■ **Task**
The expected response is the complete listing below, restated exactly, with its pictures omitted.

*** Information given ***

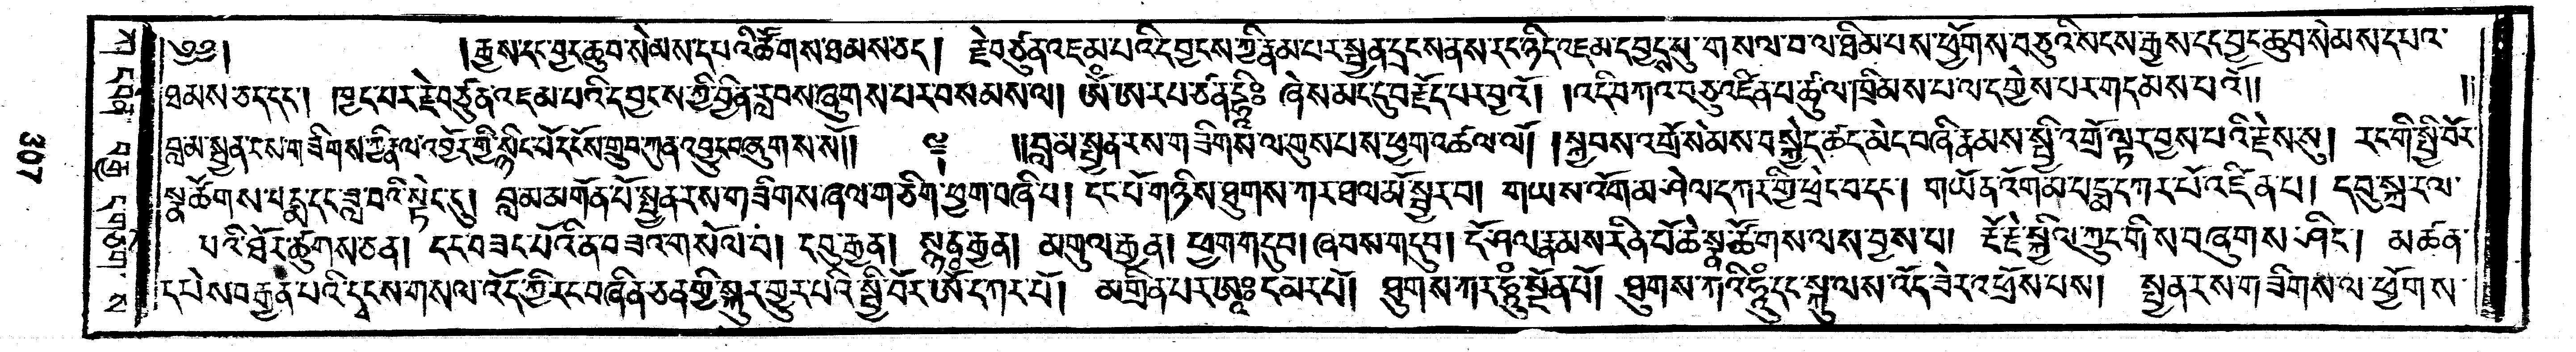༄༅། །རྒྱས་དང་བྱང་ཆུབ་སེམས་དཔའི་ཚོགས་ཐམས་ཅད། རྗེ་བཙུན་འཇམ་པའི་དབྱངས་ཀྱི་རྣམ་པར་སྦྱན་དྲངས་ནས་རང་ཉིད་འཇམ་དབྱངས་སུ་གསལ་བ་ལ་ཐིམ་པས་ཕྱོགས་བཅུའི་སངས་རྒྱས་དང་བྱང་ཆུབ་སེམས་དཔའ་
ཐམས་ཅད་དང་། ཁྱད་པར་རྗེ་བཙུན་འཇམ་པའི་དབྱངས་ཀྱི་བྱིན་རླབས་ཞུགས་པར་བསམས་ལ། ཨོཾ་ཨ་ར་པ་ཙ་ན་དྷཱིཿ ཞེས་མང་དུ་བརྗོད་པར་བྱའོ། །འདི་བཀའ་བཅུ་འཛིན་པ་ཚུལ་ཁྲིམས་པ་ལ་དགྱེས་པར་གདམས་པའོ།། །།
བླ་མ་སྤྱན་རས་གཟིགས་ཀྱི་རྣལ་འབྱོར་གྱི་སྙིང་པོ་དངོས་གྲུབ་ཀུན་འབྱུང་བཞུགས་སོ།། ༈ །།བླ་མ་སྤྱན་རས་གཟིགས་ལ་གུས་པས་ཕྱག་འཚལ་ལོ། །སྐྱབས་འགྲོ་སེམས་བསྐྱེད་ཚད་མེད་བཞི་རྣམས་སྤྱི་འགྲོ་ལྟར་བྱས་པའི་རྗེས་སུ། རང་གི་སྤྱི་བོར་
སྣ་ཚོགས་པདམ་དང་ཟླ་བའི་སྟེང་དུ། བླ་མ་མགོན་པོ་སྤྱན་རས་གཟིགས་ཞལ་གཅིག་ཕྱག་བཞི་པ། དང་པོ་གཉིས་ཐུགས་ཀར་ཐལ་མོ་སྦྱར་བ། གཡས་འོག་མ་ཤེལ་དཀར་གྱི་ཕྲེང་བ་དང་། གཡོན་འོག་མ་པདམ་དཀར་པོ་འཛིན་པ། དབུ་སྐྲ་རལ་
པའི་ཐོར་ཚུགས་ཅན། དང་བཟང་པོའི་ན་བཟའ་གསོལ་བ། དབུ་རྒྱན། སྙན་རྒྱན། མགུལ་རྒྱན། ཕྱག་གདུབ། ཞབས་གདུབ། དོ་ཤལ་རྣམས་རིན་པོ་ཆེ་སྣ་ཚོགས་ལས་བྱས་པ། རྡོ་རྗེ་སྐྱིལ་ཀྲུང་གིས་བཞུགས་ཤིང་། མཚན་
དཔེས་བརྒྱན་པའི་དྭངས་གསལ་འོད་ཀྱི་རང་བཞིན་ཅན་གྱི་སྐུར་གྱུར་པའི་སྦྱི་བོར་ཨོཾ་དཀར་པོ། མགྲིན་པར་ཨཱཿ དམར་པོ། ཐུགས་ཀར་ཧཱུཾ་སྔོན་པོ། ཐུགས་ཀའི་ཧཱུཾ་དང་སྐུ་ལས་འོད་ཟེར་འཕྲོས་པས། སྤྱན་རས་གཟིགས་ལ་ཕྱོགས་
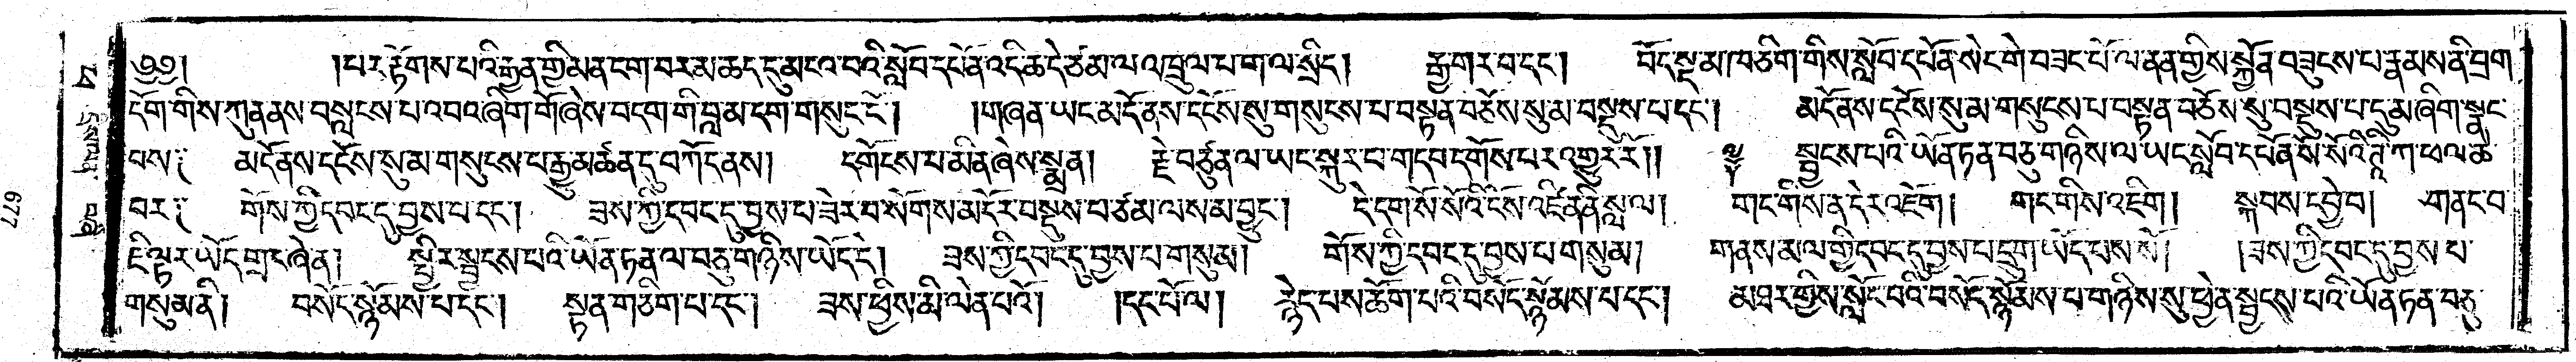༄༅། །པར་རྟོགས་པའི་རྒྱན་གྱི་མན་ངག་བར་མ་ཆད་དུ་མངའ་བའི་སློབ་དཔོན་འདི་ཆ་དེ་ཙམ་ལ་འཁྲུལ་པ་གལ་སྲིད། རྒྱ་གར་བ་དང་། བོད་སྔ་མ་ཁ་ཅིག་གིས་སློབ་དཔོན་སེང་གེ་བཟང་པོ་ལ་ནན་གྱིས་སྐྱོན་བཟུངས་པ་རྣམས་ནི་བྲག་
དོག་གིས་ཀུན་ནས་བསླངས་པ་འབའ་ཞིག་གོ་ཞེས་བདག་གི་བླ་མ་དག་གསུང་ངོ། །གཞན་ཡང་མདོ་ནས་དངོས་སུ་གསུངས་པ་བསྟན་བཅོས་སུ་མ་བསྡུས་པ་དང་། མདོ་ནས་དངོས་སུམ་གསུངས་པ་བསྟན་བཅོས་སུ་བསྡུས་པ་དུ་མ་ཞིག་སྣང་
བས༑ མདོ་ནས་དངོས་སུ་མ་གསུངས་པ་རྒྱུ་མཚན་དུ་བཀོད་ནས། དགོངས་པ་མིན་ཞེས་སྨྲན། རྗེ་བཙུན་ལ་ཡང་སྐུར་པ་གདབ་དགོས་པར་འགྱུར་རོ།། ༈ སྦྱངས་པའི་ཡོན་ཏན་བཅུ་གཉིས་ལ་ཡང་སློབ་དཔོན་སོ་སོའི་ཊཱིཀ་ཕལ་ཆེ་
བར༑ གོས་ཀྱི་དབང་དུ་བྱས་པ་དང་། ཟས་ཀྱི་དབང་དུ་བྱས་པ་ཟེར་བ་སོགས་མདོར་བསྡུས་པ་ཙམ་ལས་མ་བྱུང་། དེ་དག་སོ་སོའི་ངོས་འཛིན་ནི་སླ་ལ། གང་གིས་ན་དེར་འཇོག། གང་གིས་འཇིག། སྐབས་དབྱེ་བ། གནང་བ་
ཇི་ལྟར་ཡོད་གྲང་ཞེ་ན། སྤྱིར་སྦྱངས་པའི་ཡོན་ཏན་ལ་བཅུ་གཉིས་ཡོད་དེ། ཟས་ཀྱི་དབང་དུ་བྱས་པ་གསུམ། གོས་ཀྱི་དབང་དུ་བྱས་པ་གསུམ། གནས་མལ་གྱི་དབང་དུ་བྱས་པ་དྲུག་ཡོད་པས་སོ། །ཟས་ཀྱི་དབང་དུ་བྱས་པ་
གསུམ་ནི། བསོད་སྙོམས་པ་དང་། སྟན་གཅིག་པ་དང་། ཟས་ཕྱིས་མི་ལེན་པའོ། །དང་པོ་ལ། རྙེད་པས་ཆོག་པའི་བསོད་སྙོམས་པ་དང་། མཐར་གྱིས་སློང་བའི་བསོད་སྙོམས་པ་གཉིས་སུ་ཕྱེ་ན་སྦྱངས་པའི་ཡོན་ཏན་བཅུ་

*** End of Information given ***

■ **Answer to this task**
༄༅། །རྒྱས་དང་བྱང་ཆུབ་སེམས་དཔའི་ཚོགས་ཐམས་ཅད། རྗེ་བཙུན་འཇམ་པའི་དབྱངས་ཀྱི་རྣམ་པར་སྦྱན་དྲངས་ནས་རང་ཉིད་འཇམ་དབྱངས་སུ་གསལ་བ་ལ་ཐིམ་པས་ཕྱོགས་བཅུའི་སངས་རྒྱས་དང་བྱང་ཆུབ་སེམས་དཔའ་
ཐམས་ཅད་དང་། ཁྱད་པར་རྗེ་བཙུན་འཇམ་པའི་དབྱངས་ཀྱི་བྱིན་རླབས་ཞུགས་པར་བསམས་ལ། ཨོཾ་ཨ་ར་པ་ཙ་ན་དྷཱིཿ ཞེས་མང་དུ་བརྗོད་པར་བྱའོ། །འདི་བཀའ་བཅུ་འཛིན་པ་ཚུལ་ཁྲིམས་པ་ལ་དགྱེས་པར་གདམས་པའོ།། །།
བླ་མ་སྤྱན་རས་གཟིགས་ཀྱི་རྣལ་འབྱོར་གྱི་སྙིང་པོ་དངོས་གྲུབ་ཀུན་འབྱུང་བཞུགས་སོ།། ༈ །།བླ་མ་སྤྱན་རས་གཟིགས་ལ་གུས་པས་ཕྱག་འཚལ་ལོ། །སྐྱབས་འགྲོ་སེམས་བསྐྱེད་ཚད་མེད་བཞི་རྣམས་སྤྱི་འགྲོ་ལྟར་བྱས་པའི་རྗེས་སུ། རང་གི་སྤྱི་བོར་
སྣ་ཚོགས་པདམ་དང་ཟླ་བའི་སྟེང་དུ། བླ་མ་མགོན་པོ་སྤྱན་རས་གཟིགས་ཞལ་གཅིག་ཕྱག་བཞི་པ། དང་པོ་གཉིས་ཐུགས་ཀར་ཐལ་མོ་སྦྱར་བ། གཡས་འོག་མ་ཤེལ་དཀར་གྱི་ཕྲེང་བ་དང་། གཡོན་འོག་མ་པདམ་དཀར་པོ་འཛིན་པ། དབུ་སྐྲ་རལ་
པའི་ཐོར་ཚུགས་ཅན། དང་བཟང་པོའི་ན་བཟའ་གསོལ་བ། དབུ་རྒྱན། སྙན་རྒྱན། མགུལ་རྒྱན། ཕྱག་གདུབ། ཞབས་གདུབ། དོ་ཤལ་རྣམས་རིན་པོ་ཆེ་སྣ་ཚོགས་ལས་བྱས་པ། རྡོ་རྗེ་སྐྱིལ་ཀྲུང་གིས་བཞུགས་ཤིང་། མཚན་
དཔེས་བརྒྱན་པའི་དྭངས་གསལ་འོད་ཀྱི་རང་བཞིན་ཅན་གྱི་སྐུར་གྱུར་པའི་སྦྱི་བོར་ཨོཾ་དཀར་པོ། མགྲིན་པར་ཨཱཿ དམར་པོ། ཐུགས་ཀར་ཧཱུཾ་སྔོན་པོ། ཐུགས་ཀའི་ཧཱུཾ་དང་སྐུ་ལས་འོད་ཟེར་འཕྲོས་པས། སྤྱན་རས་གཟིགས་ལ་ཕྱོགས་
༄༅། །པར་རྟོགས་པའི་རྒྱན་གྱི་མན་ངག་བར་མ་ཆད་དུ་མངའ་བའི་སློབ་དཔོན་འདི་ཆ་དེ་ཙམ་ལ་འཁྲུལ་པ་གལ་སྲིད། རྒྱ་གར་བ་དང་། བོད་སྔ་མ་ཁ་ཅིག་གིས་སློབ་དཔོན་སེང་གེ་བཟང་པོ་ལ་ནན་གྱིས་སྐྱོན་བཟུངས་པ་རྣམས་ནི་བྲག་
དོག་གིས་ཀུན་ནས་བསླངས་པ་འབའ་ཞིག་གོ་ཞེས་བདག་གི་བླ་མ་དག་གསུང་ངོ། །གཞན་ཡང་མདོ་ནས་དངོས་སུ་གསུངས་པ་བསྟན་བཅོས་སུ་མ་བསྡུས་པ་དང་། མདོ་ནས་དངོས་སུམ་གསུངས་པ་བསྟན་བཅོས་སུ་བསྡུས་པ་དུ་མ་ཞིག་སྣང་
བས༑ མདོ་ནས་དངོས་སུ་མ་གསུངས་པ་རྒྱུ་མཚན་དུ་བཀོད་ནས། དགོངས་པ་མིན་ཞེས་སྨྲན། རྗེ་བཙུན་ལ་ཡང་སྐུར་པ་གདབ་དགོས་པར་འགྱུར་རོ།། ༈ སྦྱངས་པའི་ཡོན་ཏན་བཅུ་གཉིས་ལ་ཡང་སློབ་དཔོན་སོ་སོའི་ཊཱིཀ་ཕལ་ཆེ་
བར༑ གོས་ཀྱི་དབང་དུ་བྱས་པ་དང་། ཟས་ཀྱི་དབང་དུ་བྱས་པ་ཟེར་བ་སོགས་མདོར་བསྡུས་པ་ཙམ་ལས་མ་བྱུང་། དེ་དག་སོ་སོའི་ངོས་འཛིན་ནི་སླ་ལ། གང་གིས་ན་དེར་འཇོག། གང་གིས་འཇིག། སྐབས་དབྱེ་བ། གནང་བ་
ཇི་ལྟར་ཡོད་གྲང་ཞེ་ན། སྤྱིར་སྦྱངས་པའི་ཡོན་ཏན་ལ་བཅུ་གཉིས་ཡོད་དེ། ཟས་ཀྱི་དབང་དུ་བྱས་པ་གསུམ། གོས་ཀྱི་དབང་དུ་བྱས་པ་གསུམ། གནས་མལ་གྱི་དབང་དུ་བྱས་པ་དྲུག་ཡོད་པས་སོ། །ཟས་ཀྱི་དབང་དུ་བྱས་པ་
གསུམ་ནི། བསོད་སྙོམས་པ་དང་། སྟན་གཅིག་པ་དང་། ཟས་ཕྱིས་མི་ལེན་པའོ། །དང་པོ་ལ། རྙེད་པས་ཆོག་པའི་བསོད་སྙོམས་པ་དང་། མཐར་གྱིས་སློང་བའི་བསོད་སྙོམས་པ་གཉིས་སུ་ཕྱེ་ན་སྦྱངས་པའི་ཡོན་ཏན་བཅུ་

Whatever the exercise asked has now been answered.